(Dataset items)
↓↓↓

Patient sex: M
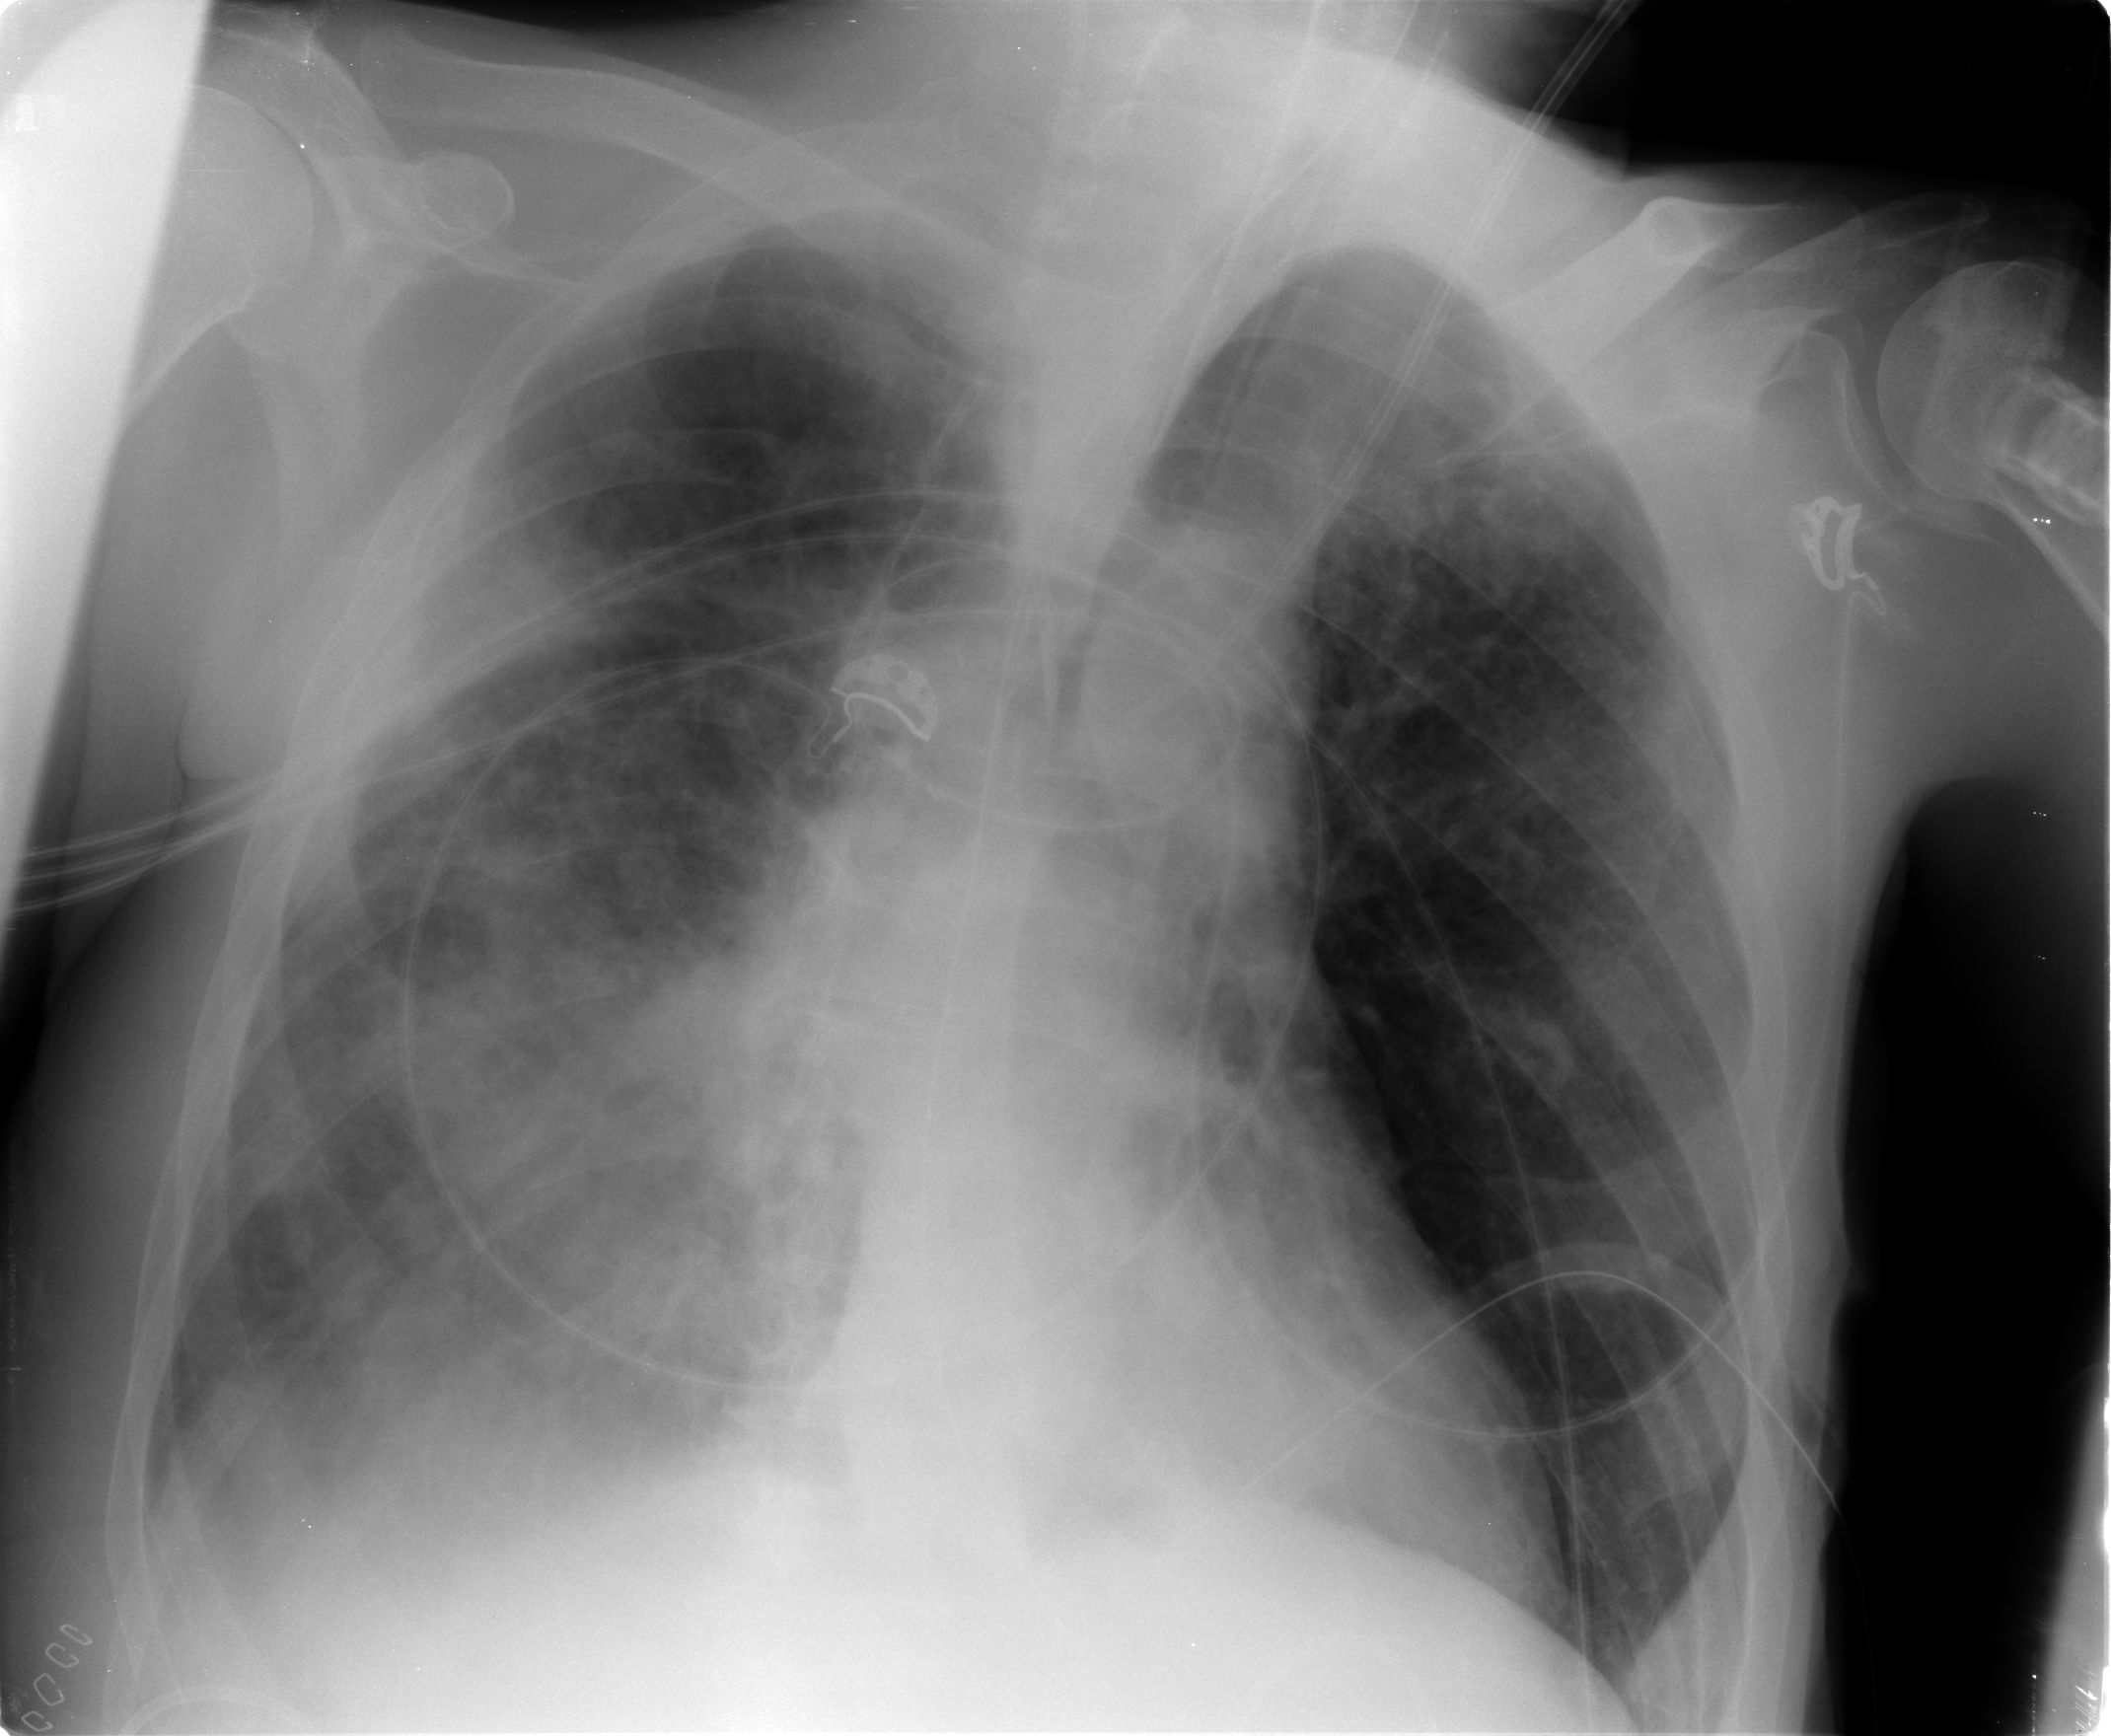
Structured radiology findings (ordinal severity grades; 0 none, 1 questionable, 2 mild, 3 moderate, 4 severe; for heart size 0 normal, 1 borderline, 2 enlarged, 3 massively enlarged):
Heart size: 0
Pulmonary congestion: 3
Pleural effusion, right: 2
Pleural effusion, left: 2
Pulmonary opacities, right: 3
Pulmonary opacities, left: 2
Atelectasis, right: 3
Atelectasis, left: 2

↑↑↑

Your answer should hold exactly the lines from the one containing "Heart size: 0" to the last line of the data, both included, and no others.

§ **EXERCISE RESULT**
Heart size: 0
Pulmonary congestion: 3
Pleural effusion, right: 2
Pleural effusion, left: 2
Pulmonary opacities, right: 3
Pulmonary opacities, left: 2
Atelectasis, right: 3
Atelectasis, left: 2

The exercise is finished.